**The problem**
Give back every record word for word, but keep the pictures out.

**Dataset records**
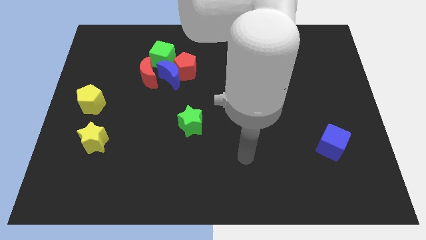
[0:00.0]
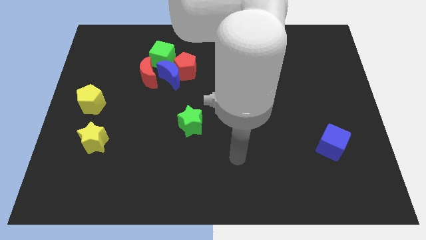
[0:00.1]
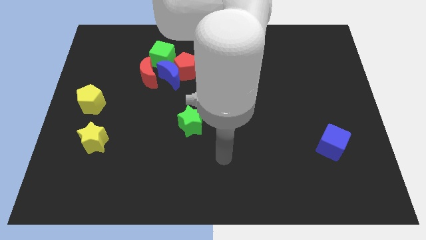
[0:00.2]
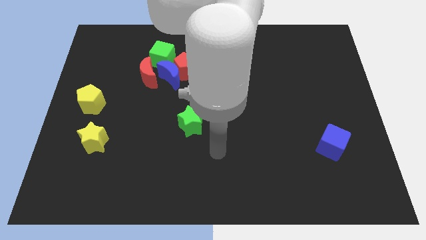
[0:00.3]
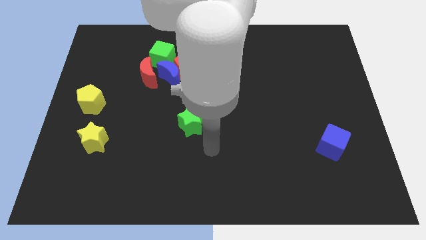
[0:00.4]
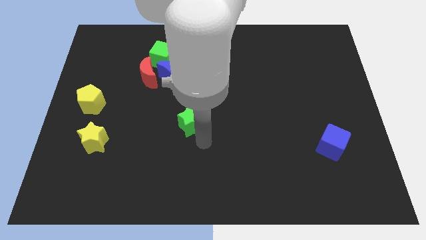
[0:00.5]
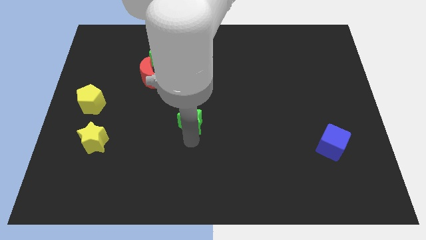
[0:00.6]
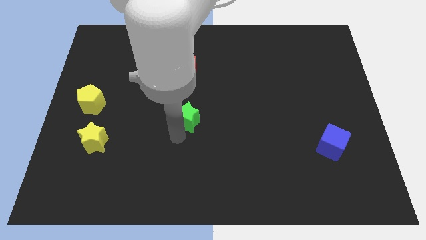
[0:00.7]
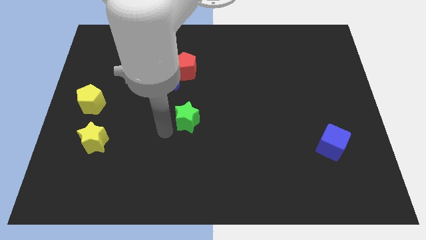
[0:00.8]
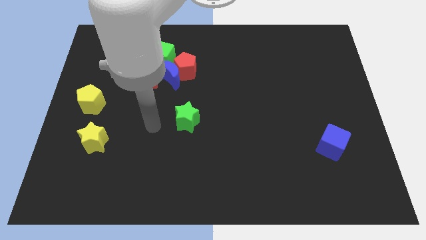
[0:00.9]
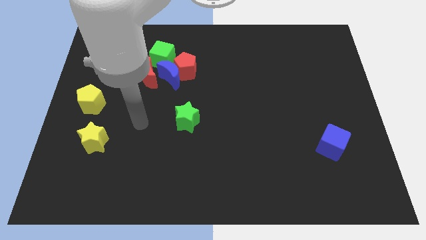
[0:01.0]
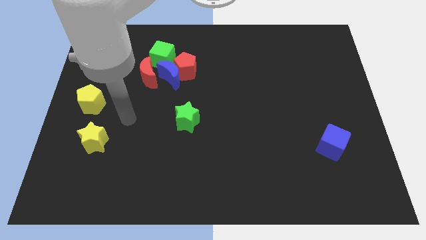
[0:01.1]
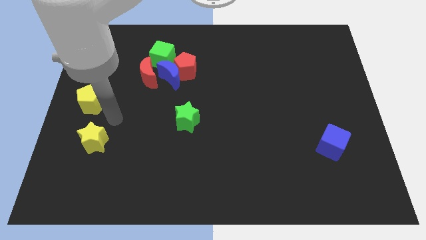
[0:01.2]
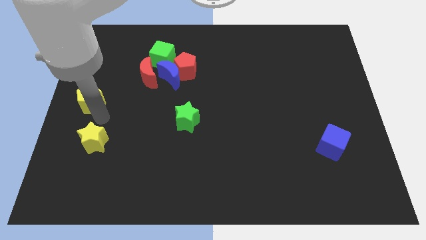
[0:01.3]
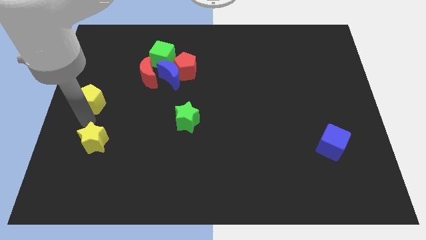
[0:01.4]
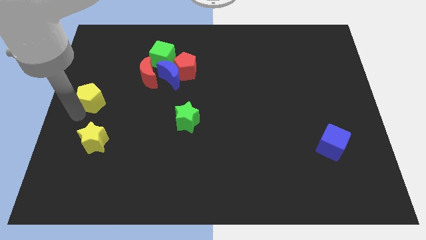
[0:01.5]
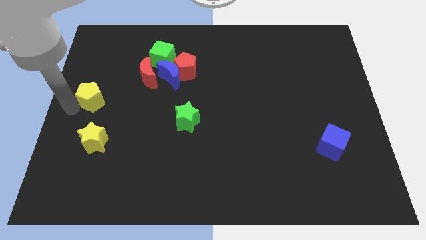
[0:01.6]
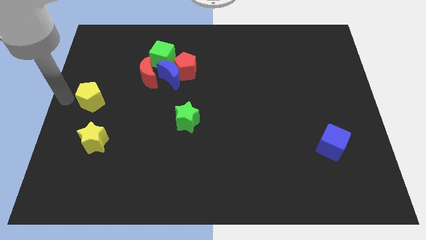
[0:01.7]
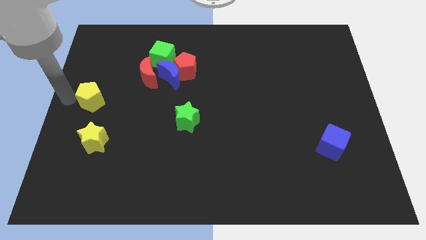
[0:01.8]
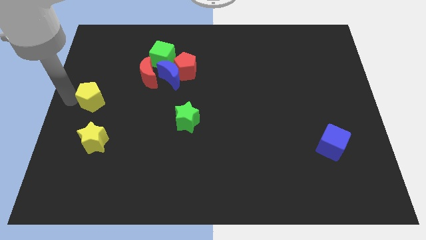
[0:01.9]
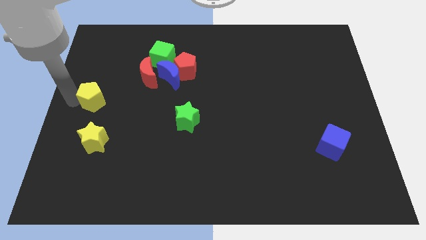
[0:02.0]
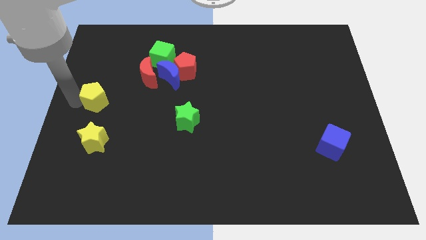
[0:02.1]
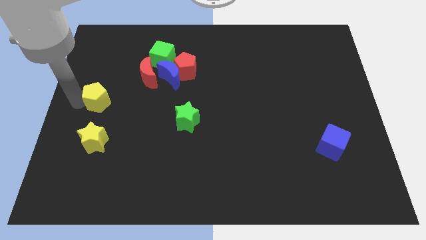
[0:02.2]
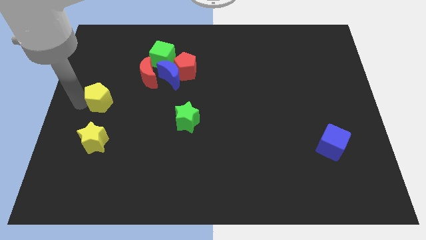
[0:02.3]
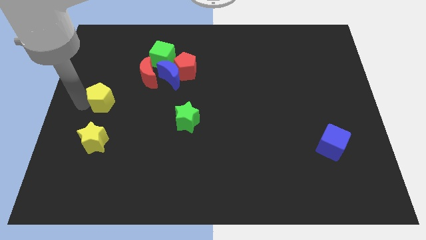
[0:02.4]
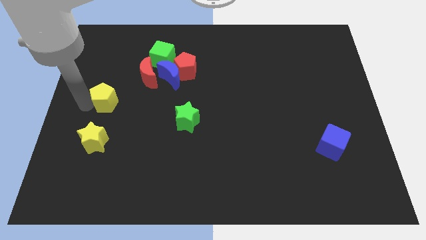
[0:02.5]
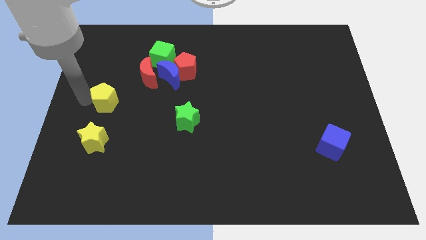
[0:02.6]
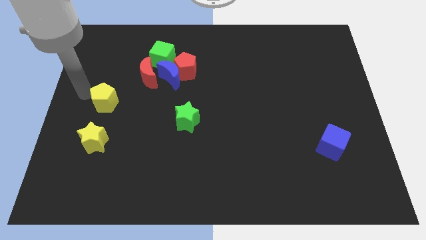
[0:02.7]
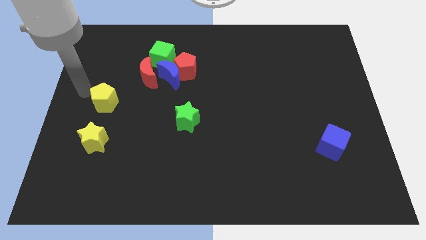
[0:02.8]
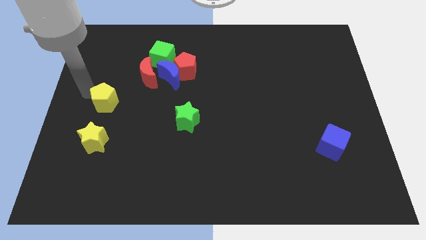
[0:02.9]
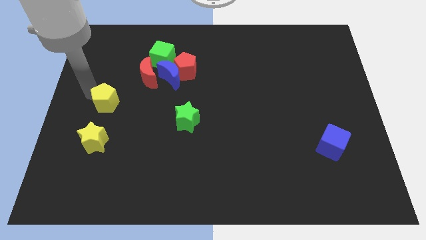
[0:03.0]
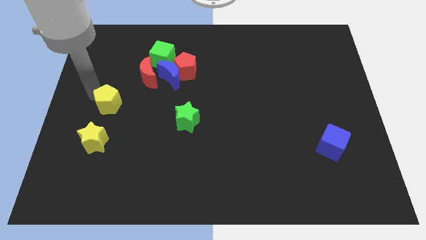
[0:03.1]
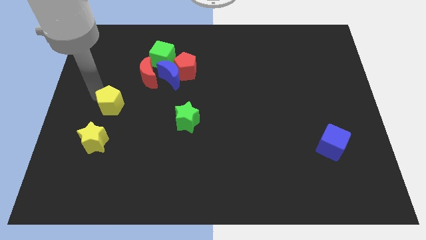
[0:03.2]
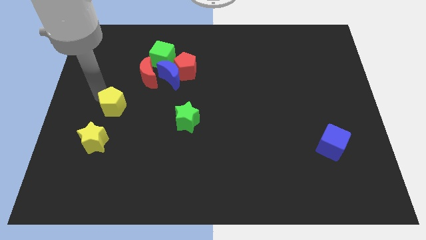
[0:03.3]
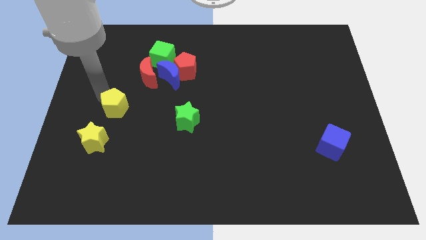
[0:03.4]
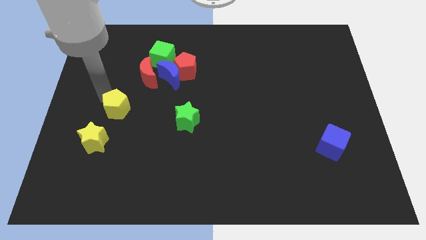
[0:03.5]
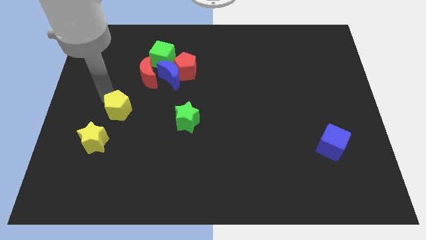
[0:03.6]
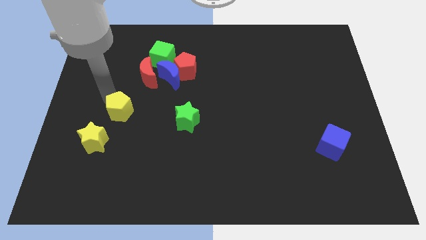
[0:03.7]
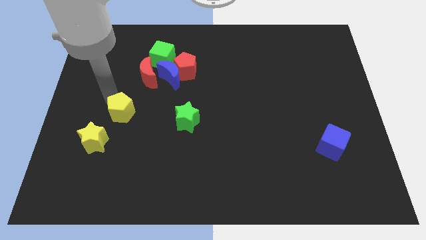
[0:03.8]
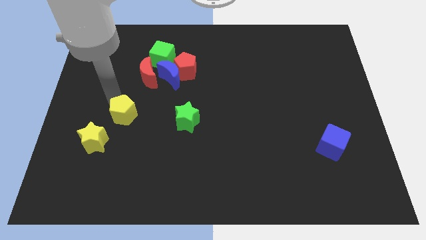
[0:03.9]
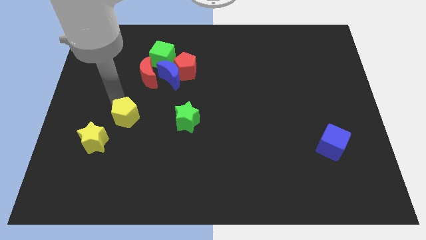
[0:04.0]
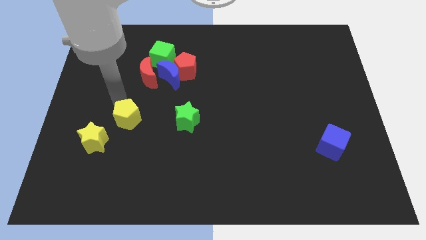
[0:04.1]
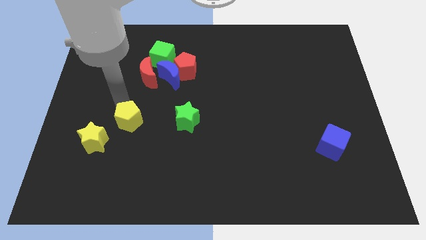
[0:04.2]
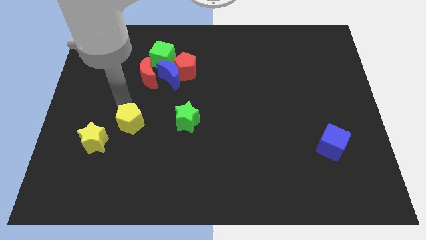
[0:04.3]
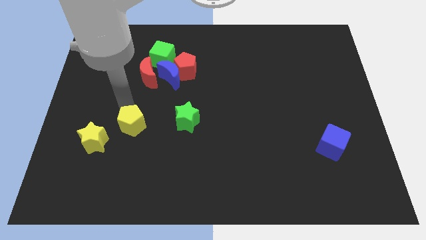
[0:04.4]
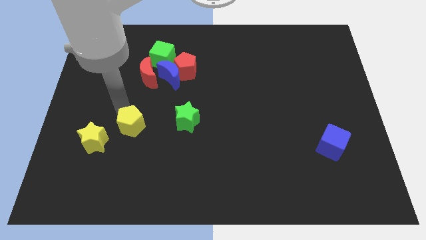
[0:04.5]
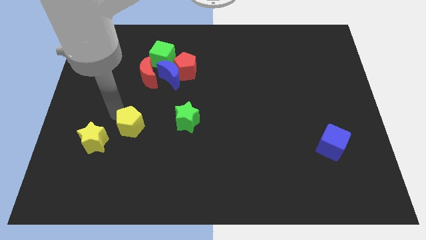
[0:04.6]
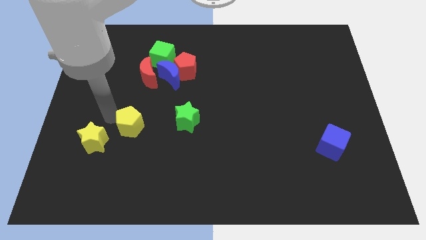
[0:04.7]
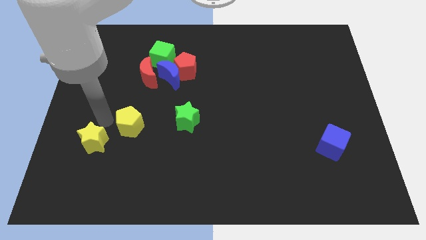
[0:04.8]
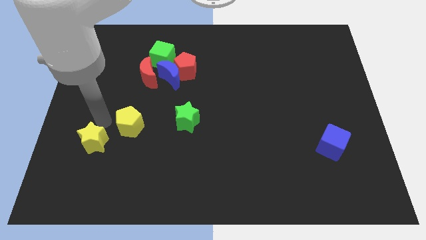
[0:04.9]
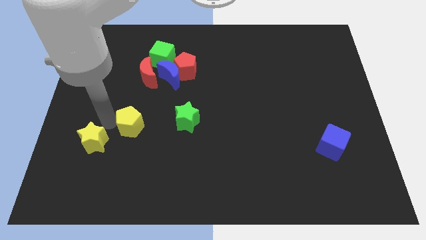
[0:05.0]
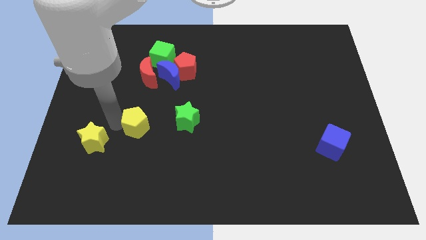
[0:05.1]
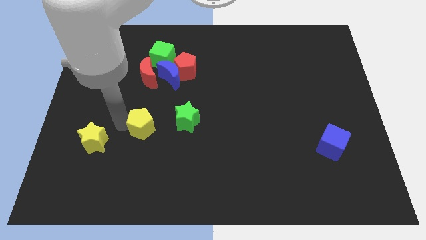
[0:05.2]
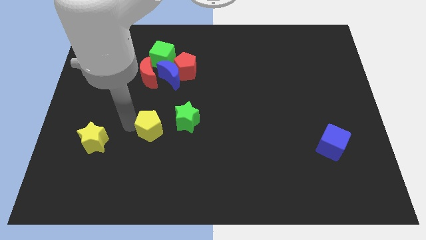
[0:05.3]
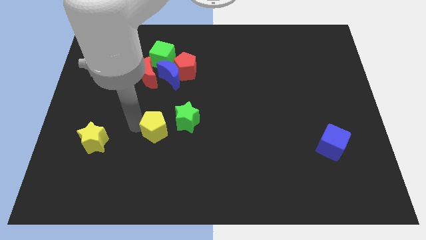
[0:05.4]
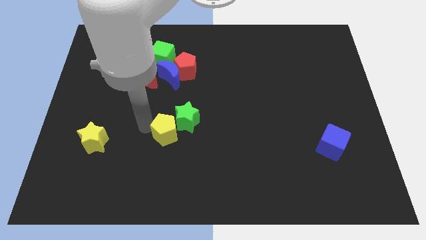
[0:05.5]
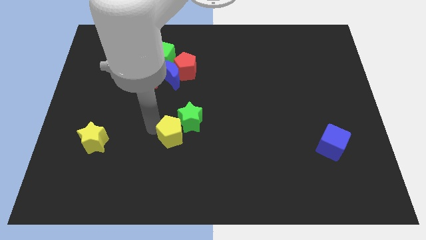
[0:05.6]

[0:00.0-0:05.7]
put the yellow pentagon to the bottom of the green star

**Problem solution**
[0:00.0]
[0:00.1]
[0:00.2]
[0:00.3]
[0:00.4]
[0:00.5]
[0:00.6]
[0:00.7]
[0:00.8]
[0:00.9]
[0:01.0]
[0:01.1]
[0:01.2]
[0:01.3]
[0:01.4]
[0:01.5]
[0:01.6]
[0:01.7]
[0:01.8]
[0:01.9]
[0:02.0]
[0:02.1]
[0:02.2]
[0:02.3]
[0:02.4]
[0:02.5]
[0:02.6]
[0:02.7]
[0:02.8]
[0:02.9]
[0:03.0]
[0:03.1]
[0:03.2]
[0:03.3]
[0:03.4]
[0:03.5]
[0:03.6]
[0:03.7]
[0:03.8]
[0:03.9]
[0:04.0]
[0:04.1]
[0:04.2]
[0:04.3]
[0:04.4]
[0:04.5]
[0:04.6]
[0:04.7]
[0:04.8]
[0:04.9]
[0:05.0]
[0:05.1]
[0:05.2]
[0:05.3]
[0:05.4]
[0:05.5]
[0:05.6]

[0:00.0-0:05.7]
put the yellow pentagon to the bottom of the green star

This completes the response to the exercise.